Work instructions = Beginning with the line containing "STEP (ISO 10303-21)" and ending with the last line, repeat the records exactly.

[Recorded information Boundary: Start]

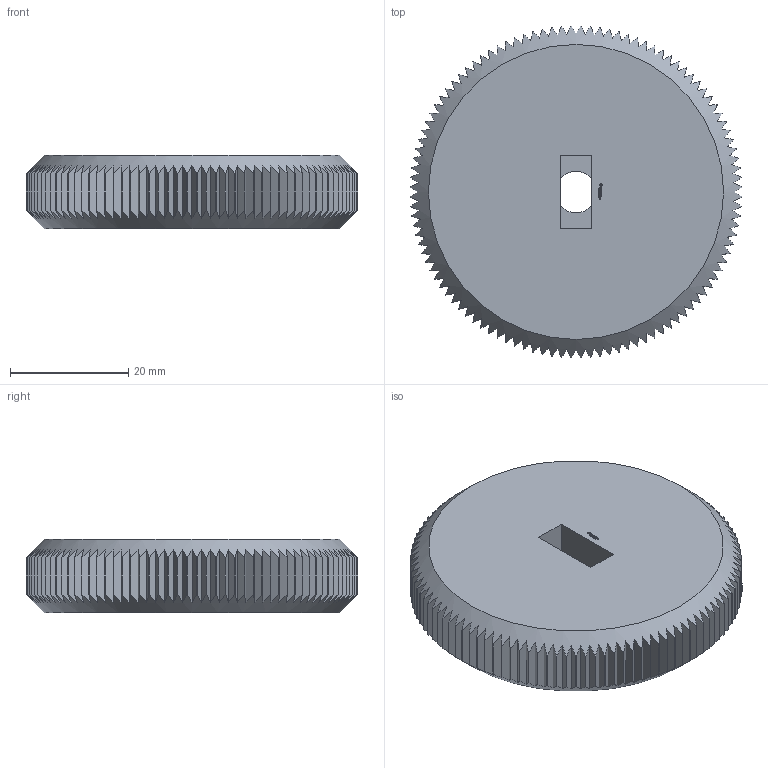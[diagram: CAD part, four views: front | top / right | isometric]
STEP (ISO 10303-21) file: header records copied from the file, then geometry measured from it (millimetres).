
FILE_DESCRIPTION(('FreeCAD Model'),'2;1');
FILE_NAME('Open CASCADE Shape Model','2024-01-03T18:27:01',(''),(''), 'Open CASCADE STEP processor 7.6','FreeCAD','Unknown');
FILE_SCHEMA(('AUTOMOTIVE_DESIGN { 1 0 10303 214 1 1 1 1 }'));
Products named in the file (1): Knob KNR BVD SCR ISR BU01.00x04.50 - SPN-KNB-0013 (stemfie.org)
Bounding box: 56.23 x 56.23 x 12.5 mm (x, y, z)
Volume: 27822 mm3; surface area: 8039.1 mm2
Topology: 1 solids, 1 shells, 824 faces, 2364 edges, 1574 vertices
Faces by surface type: plane 544, extrusion 166, cylinder 110, cone 4
Entity records: 59424 total; most frequent: CARTESIAN_POINT 13343, DIRECTION 8134, VECTOR 5056, LINE 4890, ORIENTED_EDGE 4728, PCURVE 4728, DEFINITIONAL_REPRESENTATION 4728, EDGE_CURVE 2364

[Recorded information Boundary: End]

Response to this task =
STEP (ISO 10303-21) file: header records copied from the file, then geometry measured from it (millimetres).
FILE_DESCRIPTION(('FreeCAD Model'),'2;1');
FILE_NAME('Open CASCADE Shape Model','2024-01-03T18:27:01',(''),(''), 'Open CASCADE STEP processor 7.6','FreeCAD','Unknown');
FILE_SCHEMA(('AUTOMOTIVE_DESIGN { 1 0 10303 214 1 1 1 1 }'));
Products named in the file (1): Knob KNR BVD SCR ISR BU01.00x04.50 - SPN-KNB-0013 (stemfie.org)
Bounding box: 56.23 x 56.23 x 12.5 mm (x, y, z)
Volume: 27822 mm3; surface area: 8039.1 mm2
Topology: 1 solids, 1 shells, 824 faces, 2364 edges, 1574 vertices
Faces by surface type: plane 544, extrusion 166, cylinder 110, cone 4
Entity records: 59424 total; most frequent: CARTESIAN_POINT 13343, DIRECTION 8134, VECTOR 5056, LINE 4890, ORIENTED_EDGE 4728, PCURVE 4728, DEFINITIONAL_REPRESENTATION 4728, EDGE_CURVE 2364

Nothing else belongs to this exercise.